Se você assim como eu tem mais de 35 e é um(a) gamemaniaco (a), certamente já fez duas coisas: UM, baixou algum emulador pra matar a saudade dos classicos da sua infância no computador e DOIS, se pegou cantarolando em algum momento aquela musica marcante do seu jogo favorito. E se você além de gamemaníaco (a) também é colecionador (a) de vinis, na certa também já desejou que alguma empresa disponibilizasse essas trilhas de videogame numa edição caprichada, em vinil 180g, colorido e tudo mais, não é mesmo?

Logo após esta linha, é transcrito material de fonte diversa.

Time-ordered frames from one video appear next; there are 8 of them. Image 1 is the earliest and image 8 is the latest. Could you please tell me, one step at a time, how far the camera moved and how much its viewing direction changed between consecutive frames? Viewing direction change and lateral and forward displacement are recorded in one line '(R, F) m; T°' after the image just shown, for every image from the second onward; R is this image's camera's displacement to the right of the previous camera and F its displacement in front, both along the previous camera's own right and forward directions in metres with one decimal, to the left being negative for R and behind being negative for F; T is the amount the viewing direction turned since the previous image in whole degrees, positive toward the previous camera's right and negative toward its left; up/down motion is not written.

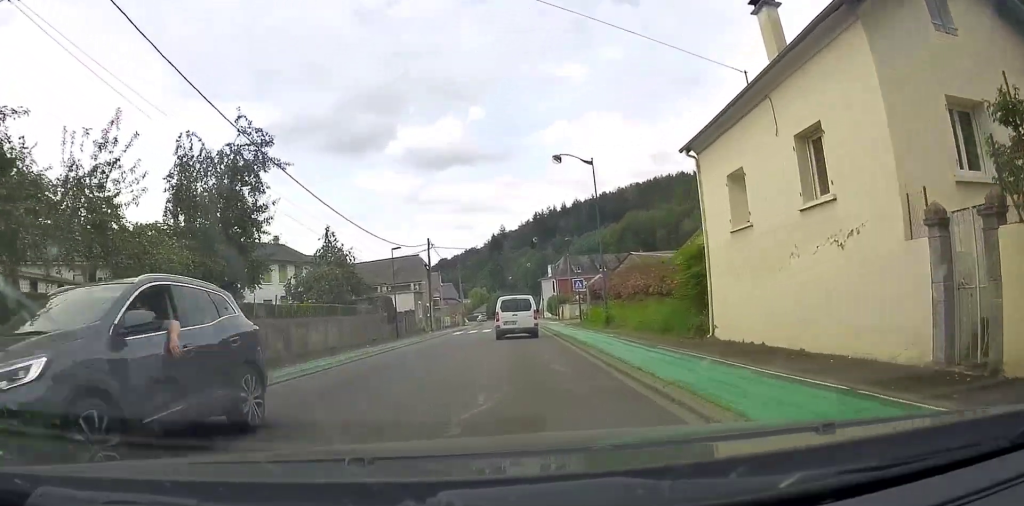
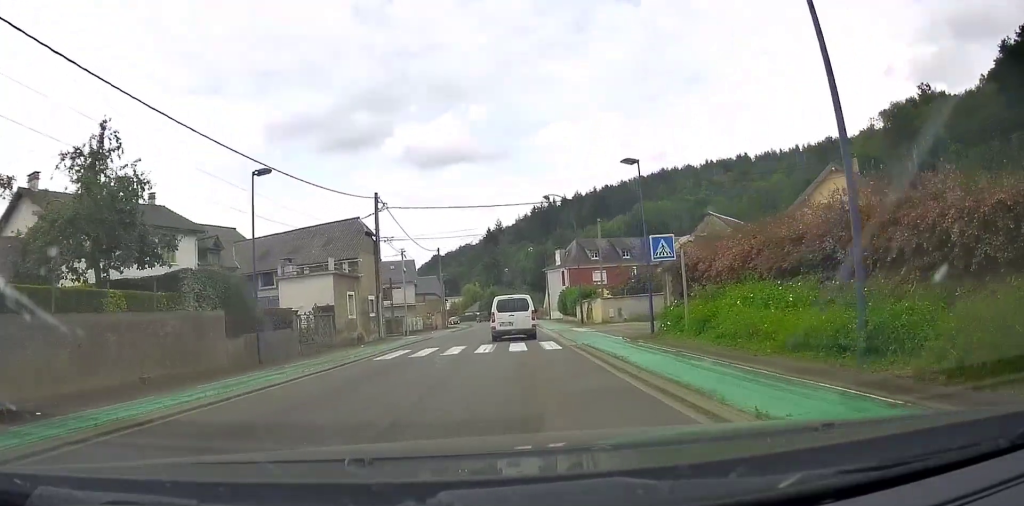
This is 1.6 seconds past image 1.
(0.0, +21.9) m; 0°
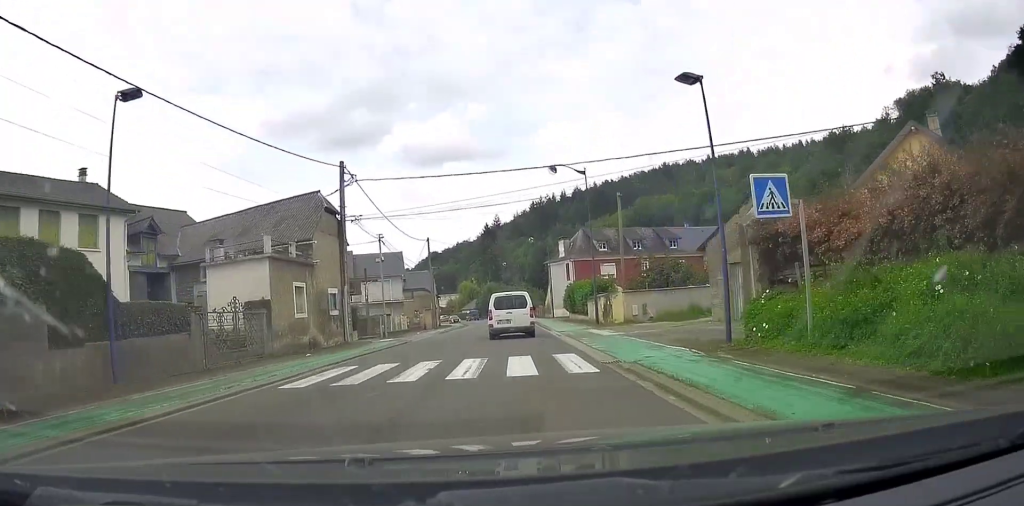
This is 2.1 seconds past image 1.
(+0.1, +7.4) m; 0°
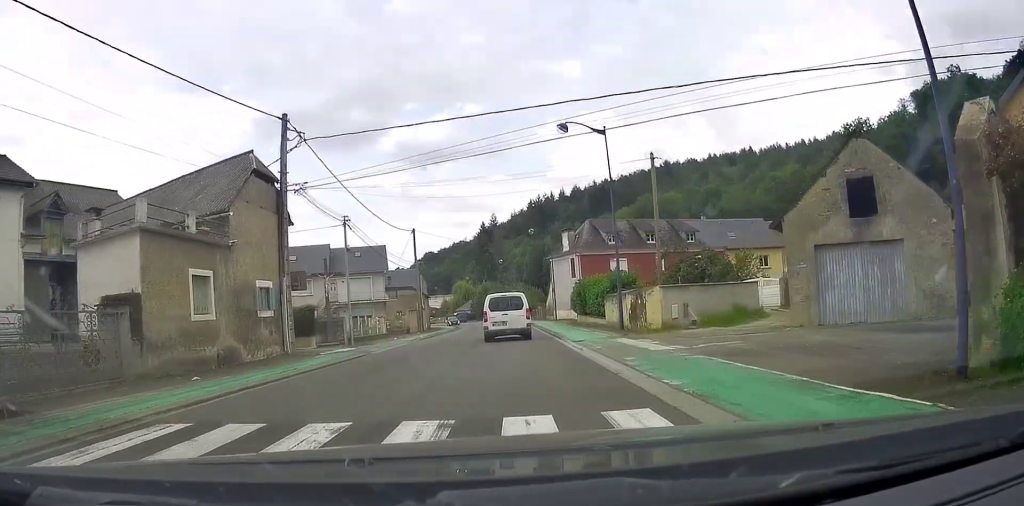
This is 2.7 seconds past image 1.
(-0.1, +7.7) m; 0°
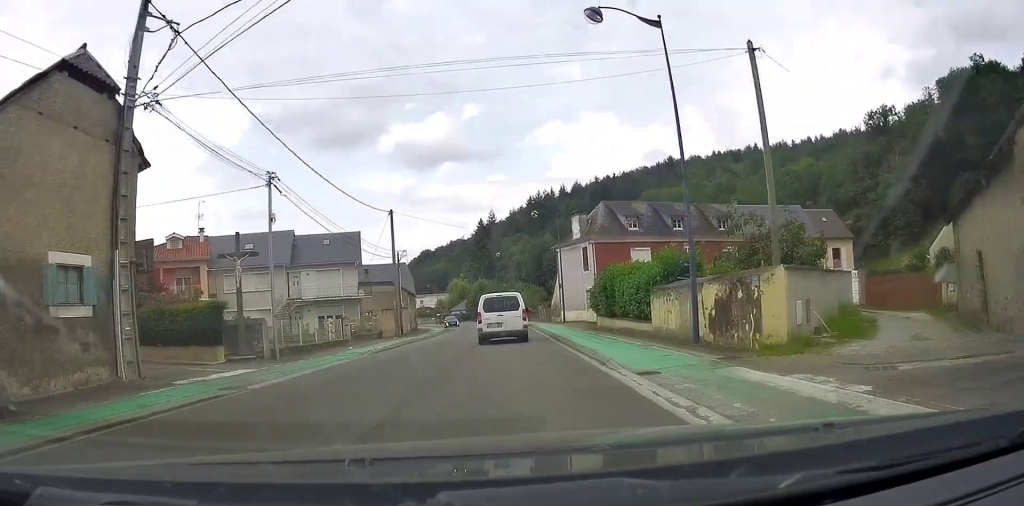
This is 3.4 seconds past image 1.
(-0.1, +9.8) m; +1°
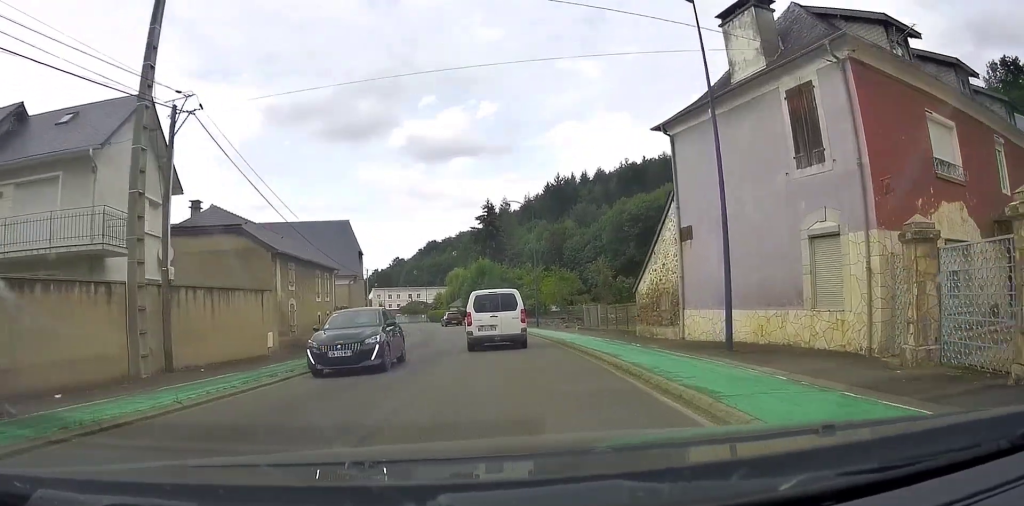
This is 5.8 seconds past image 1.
(+0.7, +33.8) m; 0°
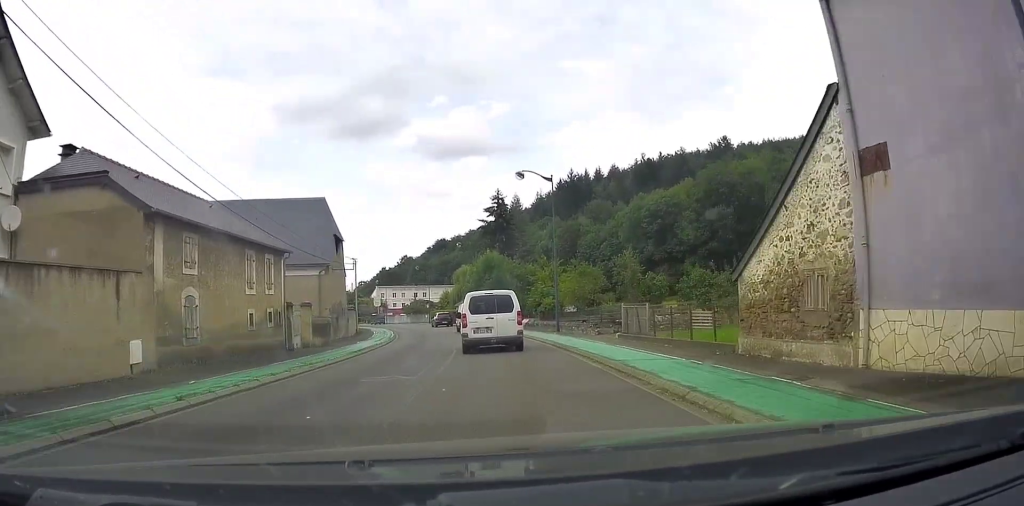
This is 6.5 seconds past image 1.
(0.0, +9.5) m; -1°
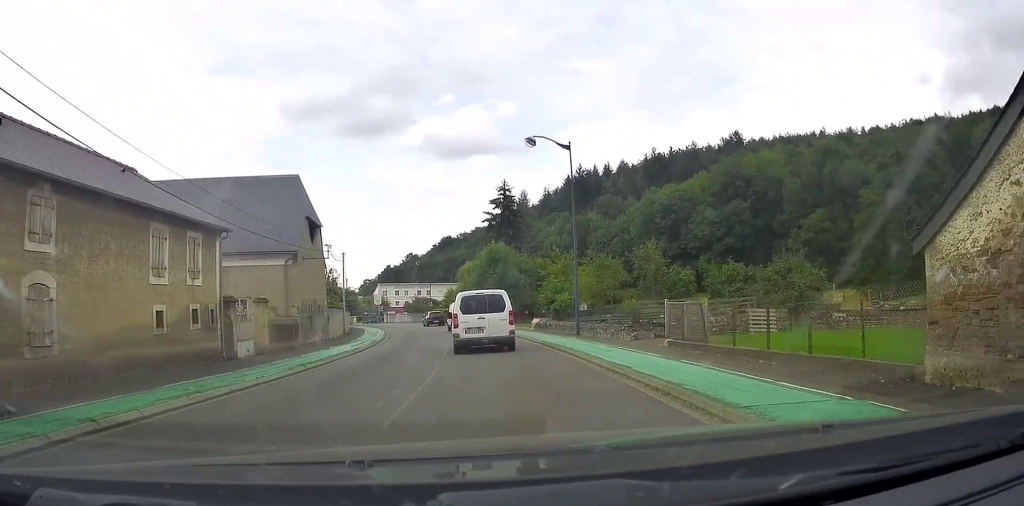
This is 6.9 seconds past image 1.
(0.0, +6.6) m; 0°

Pois bem, seus problemas acabaram. O selo inglês Data Discs se especializou em lançar LPs com o melhor das trilhas sonoras de jogos antigos. E mesmo que jogos eletrônicos não sejam sua praia, não tem problema: os arranjos são lindíssimos e é perfeitamente possível apreciá-los sem nunca ter colocado a mão num joystick. Vejamos aqui alguns dos seus lançamentos mais interessantes:

STREETS OF RAGE 1, 2 e 3: A série de pancadaria notória no Mega Drive tem a assinatura de um dos mais famosos compositores para games, Yuzo Koshiro (ele ainda será bastante mencionado nessa matéria, podem anotar!). Ouvindo, percebe-se o porquê de ser tão respeitado: é incrível como ele conseguiu fazer arranjos tão ricos com um hardware tão limitado. Fãs de techno e/ou de batidas funkeadas certamente vão curtir.

SHENMUE: Yuzo Koshiro novamente foi responsável pela maravilhosa trilha deste, que foi lançado em 2001 para o Dreamcast e é considerado até hoje um dos melhores e mais bonitos jogos de todos os tempos. Como este RPG se passa parte no Japão, parte em Hong Kong, boa parte das canções têm forte influência da cultura oriental. Simplesmente lindíssima.

PANZER DRAGOON: O nome Yoshitaka Azuma não quer dizer nada no ocidente. Mas no Japão, Azuma, morto em 2012, é um músico cultuado e respeitado, tendo lançado inúmeros CDs de new age entre os anos 1990 e 2000. Suas composições para Panzer Dragoon foram uma de suas raras aventuras no mundo dos jogos. Conforme o release no site da Data Discs bem frisa, “o repertório não faria feio na discografia do Tangerine Dream”. Assino embaixo.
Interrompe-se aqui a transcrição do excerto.